©Robert DiSalle 2001
When the "special" theory of relativity was introduced in 1905, it became known simply as "the theory of relativity"; the idea that this was a "special" theory arose with the the idea that a more general theory was required. And the latter idea arose from some philosophical questions that Einstein immediately asked about the special theory:
If motion is relative, why are we clinging to the idea of an absolute difference between rotating and not rotating?
Why do we maintain a distinction between certain "privileged" coordinate systems-the inertial systems- and every other kind of coordinate system? "What does nature care about our coordinate systems?"
Why shouldn't the laws of physics be the same for all coordinate systems?
If we introduce "rotation relative to an inertial frame" as the cause
of centrifugal forces, aren't we introducing an unobservable cause for
an observable effect? Doesn't that mean slipping from empirical science
into metaphysics?
So the idea behind general relativity was that, where the 1905 theory
said that the laws of physics would not distinguish between uniform motion
and rest, the general theory would express laws that don't distinguish
any states of motion; where the 1905 theory said that the laws of physics
are the same in any inertial frame, the general theory would express laws
that are the same in any frame of reference.
This might seem to be an odd idea. If I am on a moving carousel, I become ill; if the carousel is at rest and the surroundings rotate around it, why should I become ill? If the earth rotates, it bulges out at the equator; if the stars are rotating around the earth, why should the earth bulge? Is it really plausible that the distant stars are exerting some strange force by their rotation that is causing the bulge? According to Ernst Mach, however, we can't rule out such possibilities, because we can't take the stars away and check to see whether the bulge is still there. ("The universe is not given to us twice.")
Einstein took this view of Mach's extremely seriously. But he realized that both Newtonian physics and special relativity implied that absolute rotation is independent of relative rotation, and absolute acceleration is independent of relative acceleration. Both theories say that, if a body is alone in the universe, its rotation will be detectable by its centrifugal forces; if a particle is alone in the universe, or if it is immeasurably far away from other masses, its motion will be uniform and rectilinear. The lack of relative motion doesn't matter in either case. This means that one can't simply get rid of the concept of absolute rotation or absolute acceleration, because they are, so to speak, woven into the fabric of the laws of Newtonian and relativistic mechanics. Therefore, to satisfy his philosophical objections to these concepts, he would have to come up with altogether new laws of physics.
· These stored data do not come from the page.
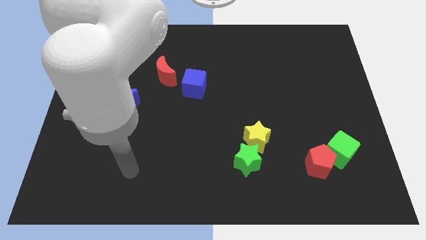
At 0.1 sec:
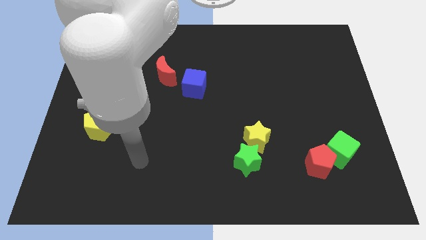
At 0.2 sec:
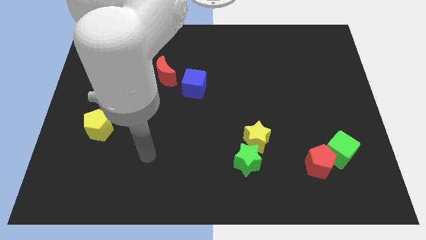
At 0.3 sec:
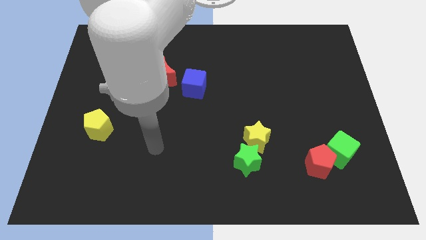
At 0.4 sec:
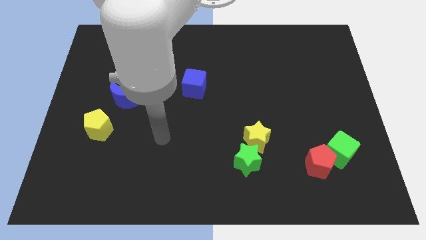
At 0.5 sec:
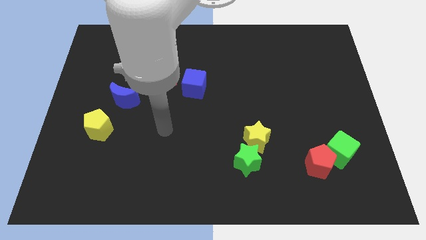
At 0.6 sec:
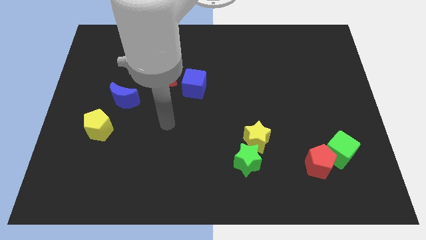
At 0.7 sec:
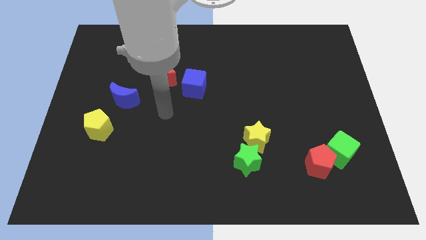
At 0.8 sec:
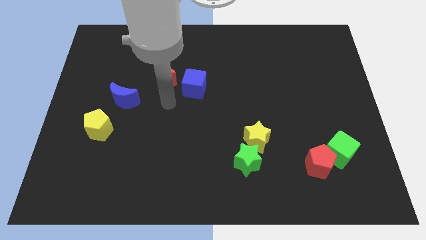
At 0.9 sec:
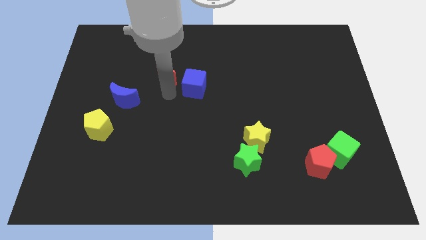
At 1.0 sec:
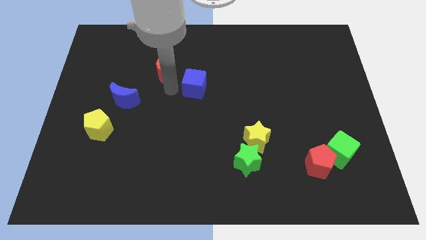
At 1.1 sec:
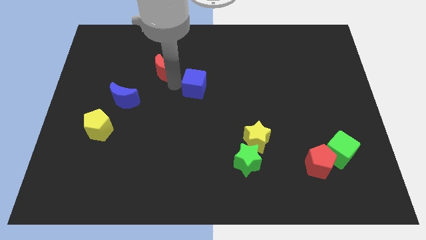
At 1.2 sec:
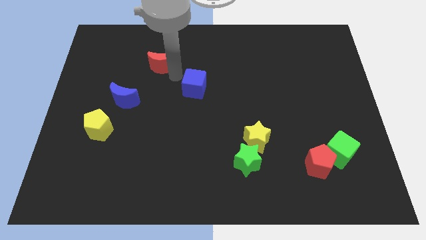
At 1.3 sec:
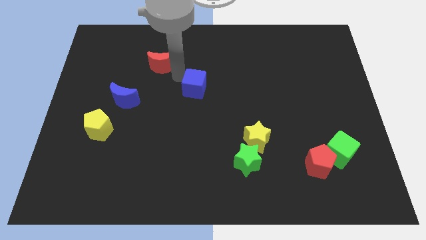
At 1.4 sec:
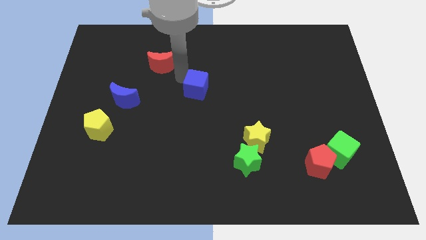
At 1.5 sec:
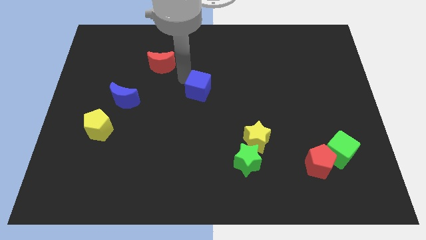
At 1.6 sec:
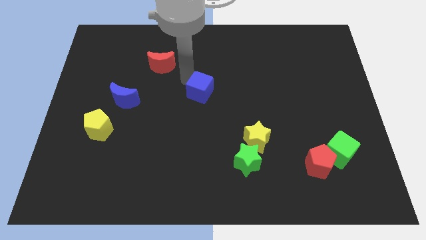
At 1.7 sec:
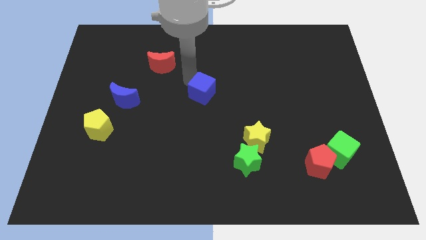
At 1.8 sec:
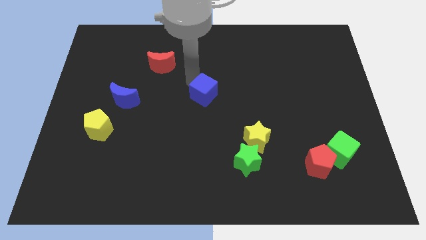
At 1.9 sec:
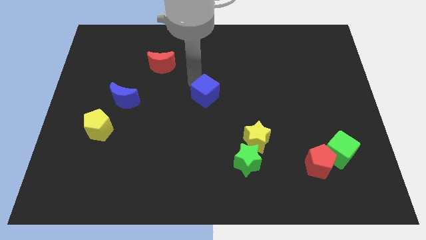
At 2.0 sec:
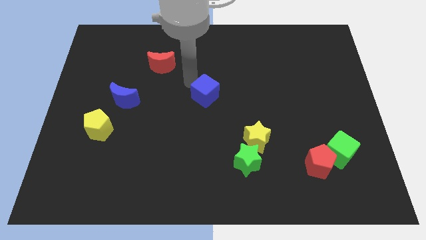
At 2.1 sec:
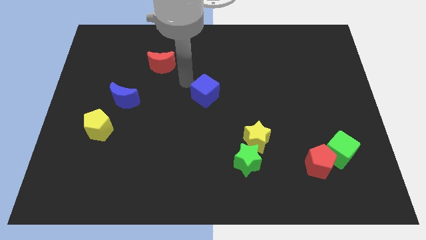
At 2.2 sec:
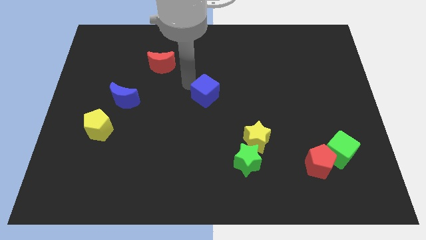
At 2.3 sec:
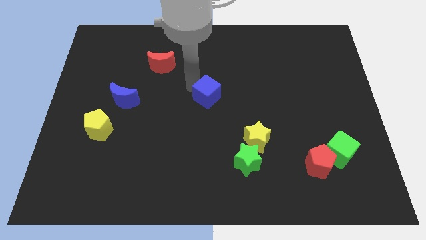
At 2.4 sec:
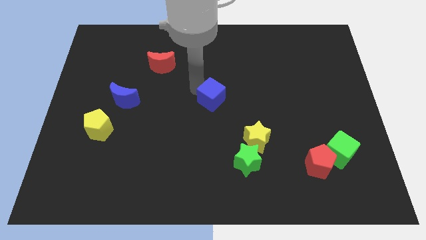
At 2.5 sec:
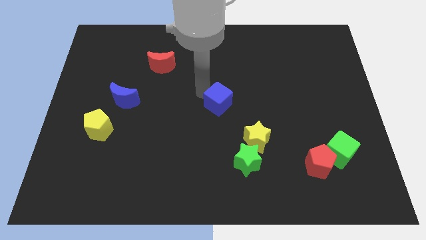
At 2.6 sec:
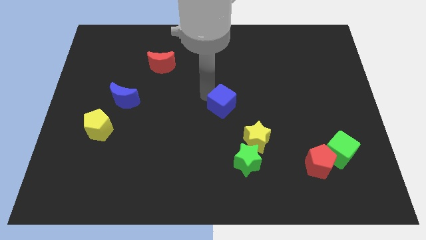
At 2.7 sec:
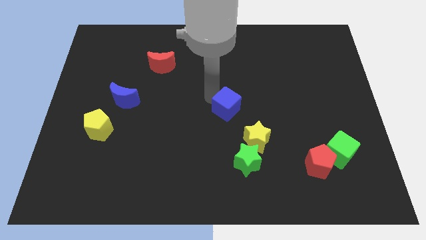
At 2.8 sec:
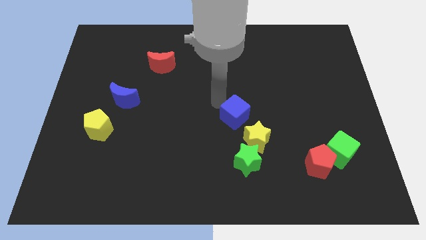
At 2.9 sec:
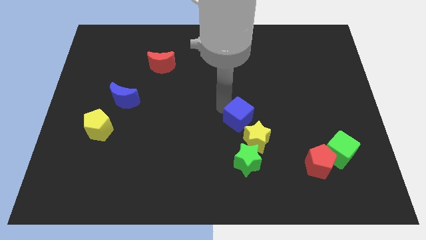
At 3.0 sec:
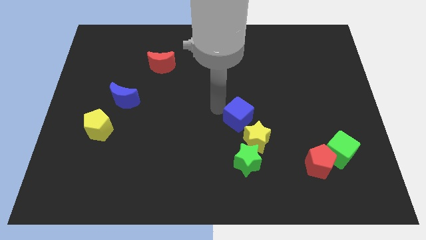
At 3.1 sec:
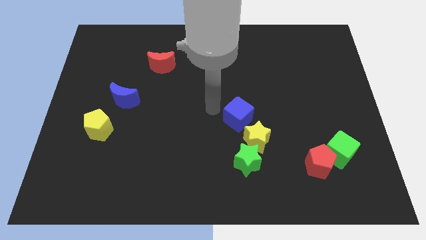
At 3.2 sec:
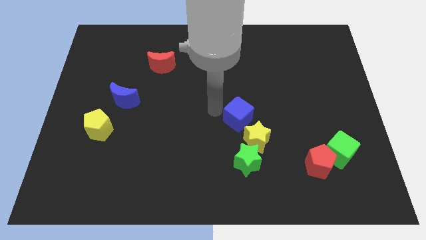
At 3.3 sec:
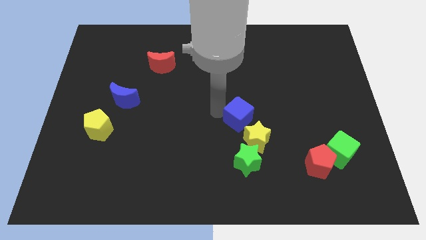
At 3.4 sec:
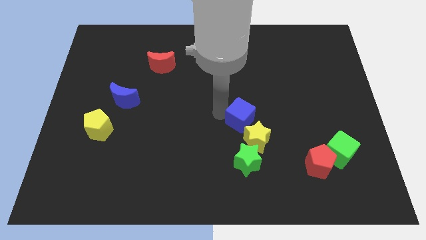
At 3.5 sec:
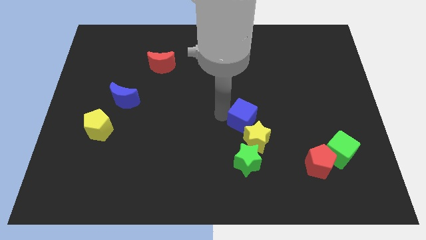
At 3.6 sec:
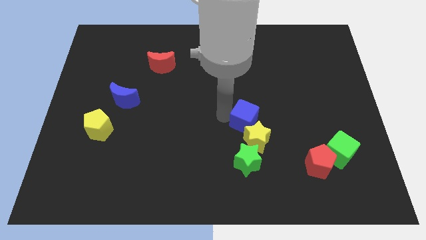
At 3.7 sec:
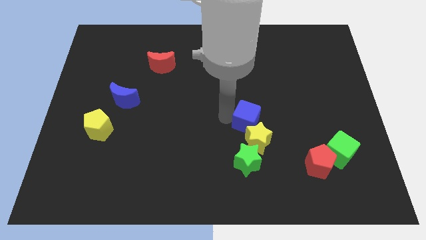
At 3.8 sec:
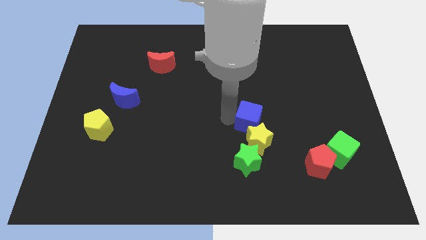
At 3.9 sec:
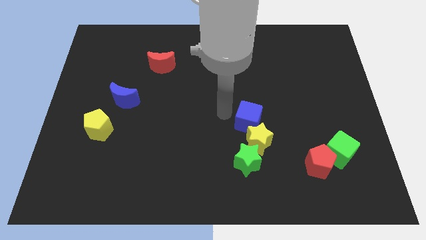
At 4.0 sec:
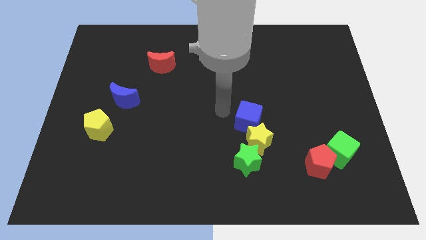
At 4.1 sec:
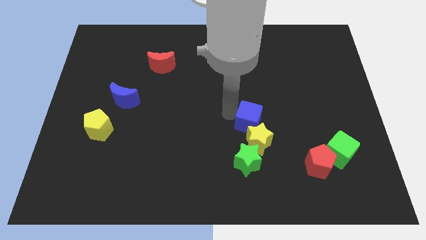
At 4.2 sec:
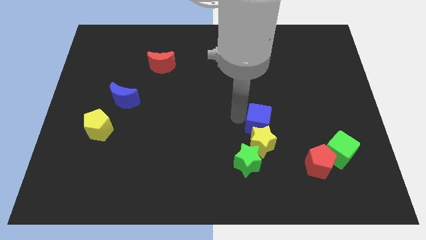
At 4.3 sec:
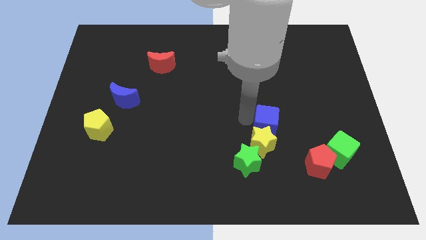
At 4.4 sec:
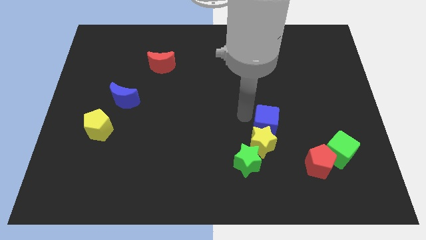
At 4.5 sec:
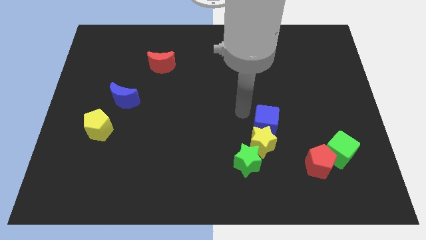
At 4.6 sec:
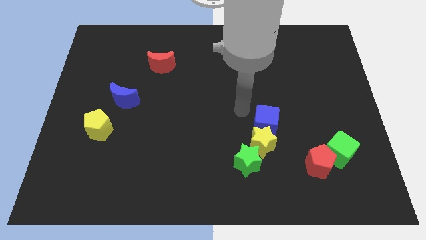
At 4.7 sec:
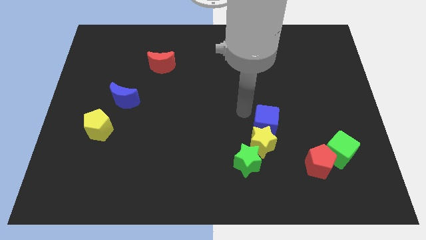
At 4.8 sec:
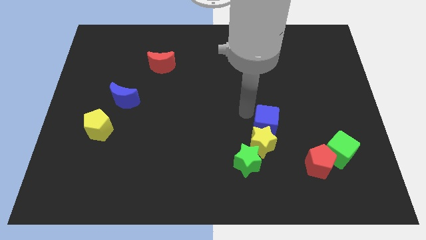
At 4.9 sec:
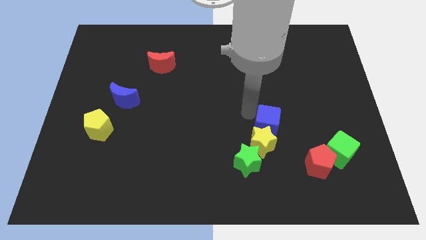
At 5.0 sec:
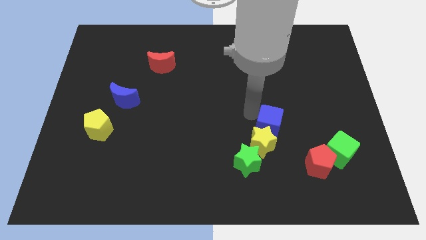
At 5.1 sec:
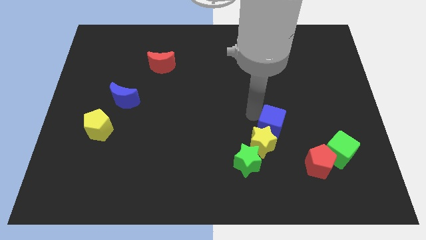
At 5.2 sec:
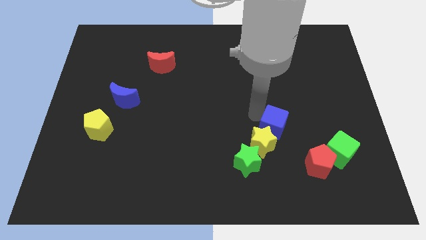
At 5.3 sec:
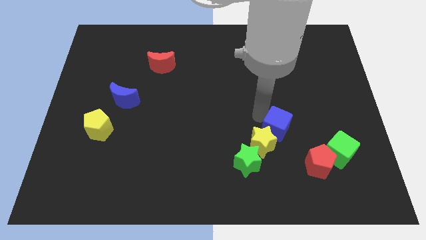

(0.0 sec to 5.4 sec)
move the blue cube to the right of the yellow star

Another way of making the same point: The theory that the earth is rotating and the stars are at rest is "kinematically equivalent" to the theory that the stars are rotating and the earth is at rest. Kinematics is the simple geometrical description of motion, without regard to forces, masses, or causal relations of any kind; it doesn't matter from the kinematical point of view which body is at rest. But dynamics is concerned with forces, masses, and causes. True acceleration is caused by forces, and depends on the mass; true rotation, according to Newtonian mechanics and special relativity, is accompanied by a dynamical effect, i.e. centrifugal force. Therefore the two theories, while kinematically equivalent, are not dynamically equivalent. To make them equivalent would require a new theory of dynamics. This is what Einstein set out to create after 1905.
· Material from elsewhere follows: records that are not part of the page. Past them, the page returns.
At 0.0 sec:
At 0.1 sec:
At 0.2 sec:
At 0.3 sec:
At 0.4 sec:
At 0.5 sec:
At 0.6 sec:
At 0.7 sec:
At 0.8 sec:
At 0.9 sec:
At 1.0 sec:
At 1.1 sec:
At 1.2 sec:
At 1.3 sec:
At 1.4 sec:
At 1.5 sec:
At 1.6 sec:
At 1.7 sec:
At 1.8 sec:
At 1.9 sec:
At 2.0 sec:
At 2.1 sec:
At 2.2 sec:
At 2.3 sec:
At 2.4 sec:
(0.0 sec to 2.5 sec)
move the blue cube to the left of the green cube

The key to the new theory was gravity. In 1905, it was clear that Newton's theory of gravity could not be maintained in its old form. According to the theory, gravitational influence is propagated instantaneously across empty space-unlike electromagnetic radiation, which is propagated as a "wavelike" disturbance, moving at the speed of light through the electromagnetic field. According to special relativity, however, the speed of light is a limiting velocity for all physical propagation. Therefore, at the very least, the theory of gravity would have to be revised to make it more like the theory of the electromagnetic field. This approach turned out to be impossible, however, because of strange features of the gravitational field.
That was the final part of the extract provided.